Трое островитян — если можно так назвать наших друзей — сошлись за завтраком серьезные, молчаливые и задумчивые. По лицу Юдифи было видно, что она провела тревожную ночь, тогда как мужчины сосредоточенно размышляли о том, что их ждет в недалеком будущем. За завтраком Зверобой и девушка обменялись несколькими вежливыми замечаниями, но ни одним словом не обмолвились о своем положении. Наконец Юдифь не выдержала и высказала то, что занимало ее мысли в течение только что истекшей бессонной ночи.
— Будет ужасно, Зверобой, — внезапно воскликнула девушка, — если что-нибудь худое случится с моим отцом и Гетти! Пока они в руках у ирокезов, мы не можем спокойно сидеть здесь. Надо придумать какой-нибудь способ помочь им.
— Я готов, Юдифь, служить им, да и всем вообще, кто попал в скверное положение, если только мне укажут, как это сделать. Оказаться в лапах у краснокожих — не шутка, особенно если люди сошли на берег по такому делу, как старый Хаттер и Непоседа. Я это отлично понимаю и не пожелал бы попасть в такую переделку моему злейшему врагу, не говоря уже о тех, с кем я путешествовал, ел и спал. Есть у вас какой-нибудь план, который я и Змей могли бы выполнить?
— Я не знаю других способов освободить пленников, кроме подкупа ирокезов.
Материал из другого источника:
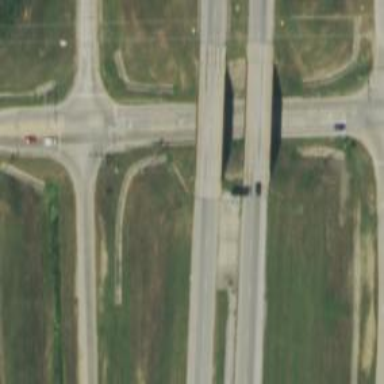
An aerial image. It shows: Bridge over motorway.
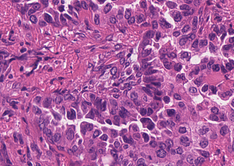
Tumor epithelial tissue: yes
Tumor-associated stroma tissue: yes
Normal tissue: no
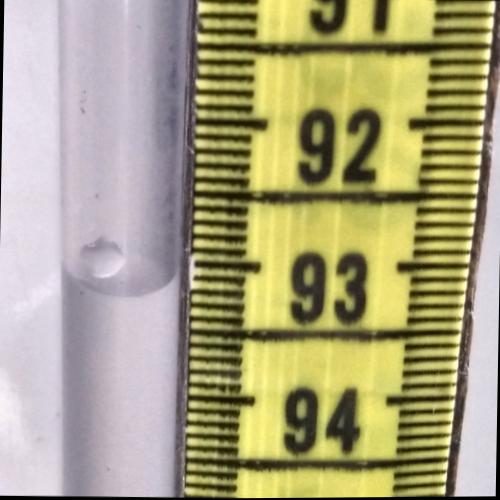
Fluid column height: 93.2 cm

Они не устоят перед подарками, а мы можем предложить им столько, что они, наверное, предпочтут удалиться с богатыми дарами взамен двух бедных пленников, если им вообще удастся увести их.
— Это было бы неплохо, Юдифь, да, это было бы неплохо. Только бы у нас нашлось достаточно вещей для обмена. У вашего отца удобный и удачно расположенный дом, хотя с первого взгляда никак не скажешь, что в нем достаточно богатств для выкупа. Есть, впрочем, ружье, «оленебой»… оно может нам пригодиться; кроме того, как я слышал, здесь имеется бочонок пороха. Однако двух взрослых мужчин не выменяешь на безделицу, и кроме того…
— И кроме того что? — нетерпеливо спросила Юдифь, заметив, что собеседник не решается продолжать, вероятно, из боязни огорчить ее.
— Дело в том, Юдифь, что французы выплачивают премии, так же как и наши, и на деньги, вырученные за два скальпа, можно купить бочонок пороха и ружье, хотя, пожалуй, не такое меткое, как «оленебой», но все-таки бочонок хорошего пороха и довольно изрядное ружье. А индейцы не слишком разбираются в огнестрельном оружии и не всегда понимают разницу между сутью и видимостью.
— Это ужасно… — прошептала девушка, подавленная простотой, с которой ее собеседник привык говорить о происходящих событиях. — Но вы забываете о моих платьях, Зверобой. А они, я думаю, могут соблазнить ирокезских женщин.
— Без сомнения, могут, Юдифь, без всякого сомнения, могут, — отвечал охотник, впившись в нее острым взглядом, как будто ему хотелось убедиться, что она действительно способна на такое самопожертвование. — Но уверены ли вы, девушка, что у вас хватит духу распроститься с вашими нарядами для такой цели? Много есть на свете мужчин, которые слывут храбрецами, пока не очутятся лицом к лицу с опасностью; знавал я также людей, которые считали себя очень добрыми и готовыми все отдать бедняку, когда слушали рассказы о чужом жестокосердии, но кулаки их сжимались крепко, как лесной орех, когда речь заходила об их собственном добре. Кроме того, вы красивы, Юдифь, — можно сказать, необычайно красивы, а красивые женщины любят все, что подчеркивает их красоту. Уверены ли вы, что у вас хватит решимости расстаться с вашими нарядами?